How Machine Learning Can Help Identify Cyber Vulnerabilities
Source – hbr.org
People are undoubtedly your company’s most valuable asset. But if you ask cybersecurity experts if they share that sentiment, most would tell you that people are your biggest liability.
Historically, no matter how much money an organization spends on cybersecurity, there is typically one problem technology can’t solve: humans being human. Gartnerexpects worldwide spending on information security to reach $86.4 billion in 2017, growing to $93 billion in 2018, all in an effort to improve overall security and education programs to prevent humans from undermining the best-laid security plans. But it’s still not enough: human error continues to reign as a top threat.
According to IBM’s Cyber Security Intelligence Index, a staggering 95% of all security incidents involve human error. It is a shocking statistic, and for the most part it’s due to employees clicking on malicious links, losing or getting their mobile devices or computers stolen, or network administrators making simple misconfigurations. We’ve seen a rash of the latter problem recently with more than a billion records exposed so far this year due to misconfigured servers. Organizations can count on the fact that mistakes will be made, and that cybercriminals will be standing by, ready to take advantage of those mistakes.
So how do organizations not only monitor for suspicious activity coming from the outside world, but also look at the behaviors of their employees to determine security risks? As the adage goes, “to err is human” — people are going to make mistakes. So we need to find ways to better understand humans, and anticipate errors or behaviors that are out of character — not only to better protect against security risks, but also to better serve internal stakeholders.
There’s an emerging discipline in security focused around user behavior analytics that is showing promise in helping to address the threat from outside, while also providing insights needed to solve the people problem. It puts to use new technologies that leverage a combination of big data and machine learning, allowing security teams to get to know their employees better and to quickly identify when things may be happening that are out of the norm.
To start, behavioral and contextual data points such as the typical location of an employee’s IP address, the time of day they usually log into the networks, the use of multiple machines/IP addresses, the files and information they typically access, and more can be compiled and monitored to establish a profile of common behaviors. For example, if an employee in the HR team is suddenly trying to access engineering databases hundreds of times per minute, it can be quickly flagged to the security team to prevent an incident.
The real value here is when companies apply these learnings to build a risk-based authentication system to give staff access to data or systems. Essentially, it means customizing the level of access given to employees based on a risk score of their past behaviors, compared with an understanding of the data or systems they are asking for access to. This type of risk-based authentication enables better visibility of error-prone users, or those that have opened avenues of opportunity for cybercriminals in the past, helping to solve the “human” problem of cybersecurity.
In order to achieve this, we must first understand that all users are not on the same playing field. There are many different levels of “savvy” when it comes to each individual within a company: some are extremely knowledgeable about technology and implementing safeguards, such as biometrics and multi-factor authentication.

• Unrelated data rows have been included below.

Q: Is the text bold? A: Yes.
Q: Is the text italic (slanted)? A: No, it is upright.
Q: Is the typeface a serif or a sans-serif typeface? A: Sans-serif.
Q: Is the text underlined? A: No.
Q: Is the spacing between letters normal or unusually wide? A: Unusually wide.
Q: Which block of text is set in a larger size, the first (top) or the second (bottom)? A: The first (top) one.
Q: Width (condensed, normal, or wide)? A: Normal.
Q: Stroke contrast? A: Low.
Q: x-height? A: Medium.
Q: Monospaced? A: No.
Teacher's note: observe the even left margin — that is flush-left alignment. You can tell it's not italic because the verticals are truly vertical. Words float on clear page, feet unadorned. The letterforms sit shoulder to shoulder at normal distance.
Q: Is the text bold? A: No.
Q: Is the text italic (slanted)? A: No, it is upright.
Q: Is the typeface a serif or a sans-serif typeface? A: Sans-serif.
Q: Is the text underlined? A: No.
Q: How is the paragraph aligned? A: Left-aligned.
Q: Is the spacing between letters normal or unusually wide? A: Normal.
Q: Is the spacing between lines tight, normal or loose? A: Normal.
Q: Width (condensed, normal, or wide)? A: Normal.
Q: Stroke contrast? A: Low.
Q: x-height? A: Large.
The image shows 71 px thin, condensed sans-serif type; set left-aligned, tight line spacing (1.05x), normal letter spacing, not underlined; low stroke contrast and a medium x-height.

Others may not be as careful or may do things such as recycle passwords (shudder) from common accounts, which can easily be leaked or breached, or downloading documents from a suspicious email address.
In addition, there are many varying roles and needs throughout every company, from users with basic computing environments, to those that may need up to five different machines to do their jobs. For these reasons, there is no “one size fits all” approach to navigating the human element of security, and organizations can no longer rely on traditional automated technologies that take a “set it and forget it” mentality.
While it may go against traditional instincts around security, which usually centers on control and restrictions to fight human error, it’s best to let employees just be themselves — and design your systems to cope with that. The combination of understanding employees’ everyday interactions with IT and having the power to analyze every possible scenario in real time can help security teams define more appropriate levels of authentication for the entire workforce, from tech-savvy developers to the Luddites in the boardroom. This provides the right balance of security, privacy, and user experience, while protecting organizations—and the people within them—from themselves.